Cardiac genetic testing mainstreaming increases uptake and reduces wait times but lowers informed decision making

This observational study compared two pathways for genetic testing in patients diagnosed with hypertrophic or dilated cardiomyopathy. One pathway offered testing through a mainstreaming model conducted in cardiology clinics, while the comparator involved referral to Medical Genetics where patients attended either an online webinar or a one-on-one genetic counseling appointment. The primary outcomes examined were uptake of testing, time to testing, informed choice, and patient satisfaction.

Mainstreaming demonstrated higher uptake of genetic testing (82%) compared with referral to Medical Genetics (69%). It also substantially reduced wait times, with patients referred to Genetics waiting a median of 94-185 additional days. However, informed decision making was significantly lower in the mainstreaming pathway, with only 62% of patients considered informed compared to 91% of patients who attended the Medical Genetics webinar (p < 0.01). Patient satisfaction with decision-making was reported as high across both pathways.

No safety or adverse event data were reported for this study. Key limitations include the observational design, which prevents causal inference, and the lack of reported sample size, which limits assessment of statistical power and generalizability. The timeframe was limited to September 2024 through September 2025.

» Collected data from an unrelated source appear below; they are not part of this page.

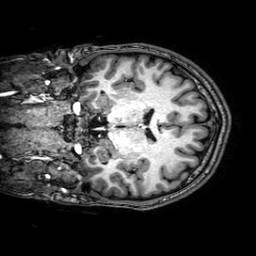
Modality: T1w
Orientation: coronal
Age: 22
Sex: male
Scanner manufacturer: philips
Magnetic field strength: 3 T
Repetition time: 8.2 s
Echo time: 0.0037 s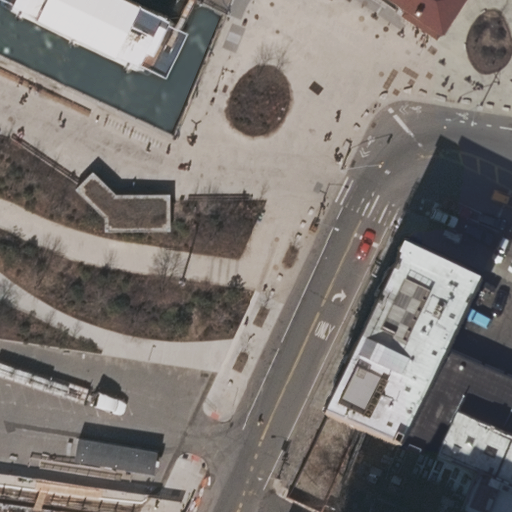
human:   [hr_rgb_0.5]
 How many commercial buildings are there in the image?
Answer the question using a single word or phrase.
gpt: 0

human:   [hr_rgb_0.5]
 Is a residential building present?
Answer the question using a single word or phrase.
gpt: yes

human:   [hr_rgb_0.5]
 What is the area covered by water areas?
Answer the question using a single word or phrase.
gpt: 772m2

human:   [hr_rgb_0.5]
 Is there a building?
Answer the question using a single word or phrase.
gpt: yes

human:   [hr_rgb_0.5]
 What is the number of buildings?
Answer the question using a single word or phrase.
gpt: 10

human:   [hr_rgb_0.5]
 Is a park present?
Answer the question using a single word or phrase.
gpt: yes

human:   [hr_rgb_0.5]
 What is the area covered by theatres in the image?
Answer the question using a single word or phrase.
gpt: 331m2

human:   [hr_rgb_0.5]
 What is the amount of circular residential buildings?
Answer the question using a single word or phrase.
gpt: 0

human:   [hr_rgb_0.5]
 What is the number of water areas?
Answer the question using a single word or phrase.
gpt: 1

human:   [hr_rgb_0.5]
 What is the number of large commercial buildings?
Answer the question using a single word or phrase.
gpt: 0

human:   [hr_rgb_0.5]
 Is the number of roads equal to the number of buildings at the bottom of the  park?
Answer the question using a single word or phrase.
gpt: no

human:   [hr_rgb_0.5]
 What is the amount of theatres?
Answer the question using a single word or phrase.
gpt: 1

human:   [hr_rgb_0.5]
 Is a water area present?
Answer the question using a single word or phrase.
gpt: yes

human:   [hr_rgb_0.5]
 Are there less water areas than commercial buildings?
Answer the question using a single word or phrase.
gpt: no

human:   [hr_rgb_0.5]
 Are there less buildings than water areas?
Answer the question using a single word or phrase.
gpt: no

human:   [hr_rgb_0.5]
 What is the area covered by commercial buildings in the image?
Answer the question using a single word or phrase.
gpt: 0m2

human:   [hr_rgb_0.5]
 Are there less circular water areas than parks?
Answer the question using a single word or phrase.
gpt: yes

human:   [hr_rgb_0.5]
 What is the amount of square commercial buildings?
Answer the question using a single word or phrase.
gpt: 0

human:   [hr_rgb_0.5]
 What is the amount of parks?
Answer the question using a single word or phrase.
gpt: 1

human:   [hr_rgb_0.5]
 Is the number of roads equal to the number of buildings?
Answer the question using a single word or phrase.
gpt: no

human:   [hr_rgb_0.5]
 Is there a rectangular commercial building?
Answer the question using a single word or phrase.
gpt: no

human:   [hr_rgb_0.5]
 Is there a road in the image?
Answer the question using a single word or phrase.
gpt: yes

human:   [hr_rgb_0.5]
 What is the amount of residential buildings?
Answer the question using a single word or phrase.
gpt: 10

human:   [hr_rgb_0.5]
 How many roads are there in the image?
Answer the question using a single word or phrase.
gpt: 11

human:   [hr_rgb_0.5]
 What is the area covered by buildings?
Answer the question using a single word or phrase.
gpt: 1622m2

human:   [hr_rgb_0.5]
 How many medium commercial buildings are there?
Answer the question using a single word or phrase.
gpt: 0

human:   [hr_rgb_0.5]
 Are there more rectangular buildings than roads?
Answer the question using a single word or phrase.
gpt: no

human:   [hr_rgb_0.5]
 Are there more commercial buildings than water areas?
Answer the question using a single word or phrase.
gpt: no

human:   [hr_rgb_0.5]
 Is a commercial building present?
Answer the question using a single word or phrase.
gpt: no

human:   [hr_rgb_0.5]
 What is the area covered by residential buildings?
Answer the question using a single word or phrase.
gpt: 1622m2

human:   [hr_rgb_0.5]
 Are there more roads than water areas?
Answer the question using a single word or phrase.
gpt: yes

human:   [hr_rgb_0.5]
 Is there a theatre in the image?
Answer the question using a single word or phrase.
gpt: yes

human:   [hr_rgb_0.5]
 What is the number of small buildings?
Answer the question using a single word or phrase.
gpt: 5

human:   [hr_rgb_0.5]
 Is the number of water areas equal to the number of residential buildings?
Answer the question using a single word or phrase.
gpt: no

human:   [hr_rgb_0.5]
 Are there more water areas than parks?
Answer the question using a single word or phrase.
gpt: no

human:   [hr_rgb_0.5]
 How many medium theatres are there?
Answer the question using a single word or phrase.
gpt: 1

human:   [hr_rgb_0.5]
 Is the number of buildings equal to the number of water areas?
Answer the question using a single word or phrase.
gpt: no

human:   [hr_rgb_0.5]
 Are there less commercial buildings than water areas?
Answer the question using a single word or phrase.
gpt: yes

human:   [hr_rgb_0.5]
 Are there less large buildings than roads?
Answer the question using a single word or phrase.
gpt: yes

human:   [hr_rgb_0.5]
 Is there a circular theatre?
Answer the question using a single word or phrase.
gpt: no

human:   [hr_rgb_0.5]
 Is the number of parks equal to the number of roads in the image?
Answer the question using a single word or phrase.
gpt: no

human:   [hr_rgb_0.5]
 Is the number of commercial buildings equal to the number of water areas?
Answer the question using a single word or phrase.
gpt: no

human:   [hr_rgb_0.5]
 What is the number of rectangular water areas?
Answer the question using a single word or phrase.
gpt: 1

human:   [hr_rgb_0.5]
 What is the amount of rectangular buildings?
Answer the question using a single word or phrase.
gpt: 7

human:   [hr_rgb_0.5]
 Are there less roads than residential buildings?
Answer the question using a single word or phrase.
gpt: no

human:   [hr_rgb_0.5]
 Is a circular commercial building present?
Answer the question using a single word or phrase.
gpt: no

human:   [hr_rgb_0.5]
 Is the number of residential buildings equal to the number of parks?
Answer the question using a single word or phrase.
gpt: no

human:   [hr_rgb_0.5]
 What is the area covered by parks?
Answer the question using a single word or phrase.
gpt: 43m2

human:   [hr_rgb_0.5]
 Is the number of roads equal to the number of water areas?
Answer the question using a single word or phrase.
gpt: no

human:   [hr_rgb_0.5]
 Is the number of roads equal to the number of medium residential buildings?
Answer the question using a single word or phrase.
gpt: no

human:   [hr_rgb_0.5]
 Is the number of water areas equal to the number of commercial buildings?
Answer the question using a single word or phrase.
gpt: no

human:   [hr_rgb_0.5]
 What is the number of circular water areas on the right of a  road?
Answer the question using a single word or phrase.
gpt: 0

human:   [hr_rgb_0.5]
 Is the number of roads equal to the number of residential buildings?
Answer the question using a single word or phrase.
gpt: no

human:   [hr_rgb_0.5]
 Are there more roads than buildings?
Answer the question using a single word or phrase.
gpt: yes

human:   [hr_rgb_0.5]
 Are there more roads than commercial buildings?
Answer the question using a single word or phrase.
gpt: yes

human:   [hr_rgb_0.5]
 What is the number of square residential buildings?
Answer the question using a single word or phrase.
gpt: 0

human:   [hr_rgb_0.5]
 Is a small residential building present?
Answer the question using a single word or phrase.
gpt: yes

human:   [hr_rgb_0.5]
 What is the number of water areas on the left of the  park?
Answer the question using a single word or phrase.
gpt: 0

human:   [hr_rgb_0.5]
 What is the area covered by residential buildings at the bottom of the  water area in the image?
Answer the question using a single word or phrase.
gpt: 1556m2

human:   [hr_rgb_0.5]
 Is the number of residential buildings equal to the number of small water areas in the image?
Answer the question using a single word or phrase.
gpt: no

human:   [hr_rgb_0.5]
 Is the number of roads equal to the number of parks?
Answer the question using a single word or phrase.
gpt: no

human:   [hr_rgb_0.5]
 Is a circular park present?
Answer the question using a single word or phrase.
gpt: no

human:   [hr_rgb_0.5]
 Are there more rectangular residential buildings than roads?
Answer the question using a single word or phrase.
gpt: no

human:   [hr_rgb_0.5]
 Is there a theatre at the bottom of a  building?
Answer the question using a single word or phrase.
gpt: no

For clinical practice, these findings suggest that integrating genetic testing into cardiology clinics can improve access and reduce delays, potentially addressing barriers to genetic evaluation. However, the significantly lower rate of informed decision making in the mainstreaming pathway highlights the importance of incorporating structured education components when implementing such models. Clinicians should recognize that while mainstreaming may increase testing rates, it may not adequately support patient understanding without dedicated educational interventions.